The judge, who sits in the High Court Family Division as Mr Justice Coleridge, has called repeatedly for legal reforms to clear up the mess left by the decline of marriage. He has blamed youth crime, child abuse, drug addiction, binge drinking, truanting and bad behaviour in schools on the 'meltdown' of the family.  And he has called for the Government to set up an independent commission to reform marriage, divorce and family laws.

Yesterday he described the problem of family breakdown as 'huge' and condemned the ease of divorce in an interview on BBC Radio Five Live. 'Divorce is easy in the sense that obtaining a divorce is easier than getting a driving licence,' he said. 'It's a form-filling exercise and you'll get your divorce in six weeks if everyone agrees.'  He added that the stigma attached to divorce in the past has also disappeared. 'In about 1950 you weren't allowed in the royal enclosure at Ascot if you were divorced,' Sir Paul said. That now would exclude half the Royal Family.'

The judge said there was no sign that the misery of large numbers of children hit by family break-up was diminishing. 'In fact, every indication is it's going up,' Sir Paul said. 'The whole of society is affected by this,' he told interviewer Victoria Derbyshire. 'Everyone in the land, from the Royal Family downwards, is now affected by family breakdown.  'It affects the lives of children themselves, it affects the lives of their parents. The wider family gets caught up in it. 'It then ripples out to the local community, the schools and then into the wider community.'

On the day official figures showed that nearly half of all babies are now born to unmarried mothers, Sir Paul blamed family break-up on social changes including the shift in attitudes towards cohabitation and increasing numbers of children born outside marriage. He said that 50 years ago 'on the whole cohabitation was regarded as something you didn't do, to have a child outside marriage, so that created a framework that stopped very much breakdown. 'We've had a cultural revolution in sexual morality and sexual behaviour,' the judge said. 'We need to have a reasonable debate about it and decide what needs to be done – and I don't mean Government,' he said. 'They didn't cause the problem.'

He added that the change in social attitudes over the past five decades had given people 'complete freedom of choice'. This was 'great' when they behaved responsibly, he added, but some seemed to think it was a 'free-for-all'. Sir Paul said the rate of family breakdown among unmarried couples was far higher than among married ones.  It was statistically proven parents were far more likely to stay together until their children's 16th birthday if they were married, he said.  Official figures suggest that an average marriage lasts around 11 years, but a cohabitation is likely to break up in three if the partners do not marry.

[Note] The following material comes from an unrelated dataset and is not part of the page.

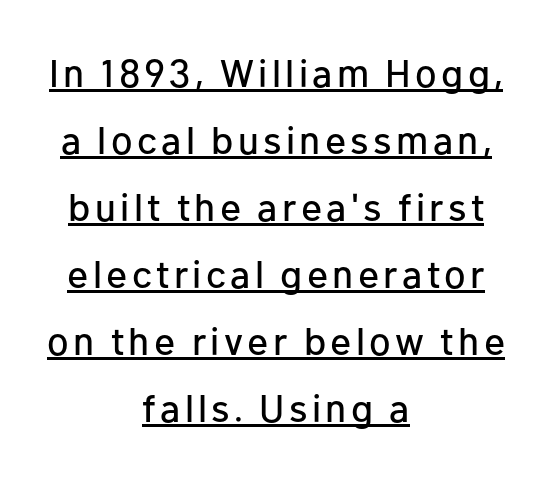
The image shows 39 px sans-serif type, upright; set centered, line spacing 1.72x, underlined; low stroke contrast and a medium x-height.
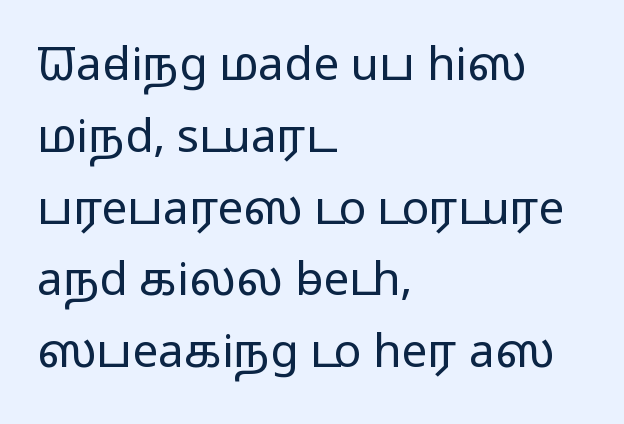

Divorce levels are currently falling, and in 2009 the 113,949  divorces were the lowest total for 35 years.  However divorce boomed following the liberal 1969 divorce reforms which ushered in the current era of 'quickie' divorces that can be arranged cheaply in less than six months.  The number of divorces shot up in the early 1970s and peaked at over 180,000 in 1993. Since then the decline in divorce is widely thought to be connected to the decline in numbers of marriages – and the likelihood that couples who choose to get married now are more committed to each other than some counterparts in the past.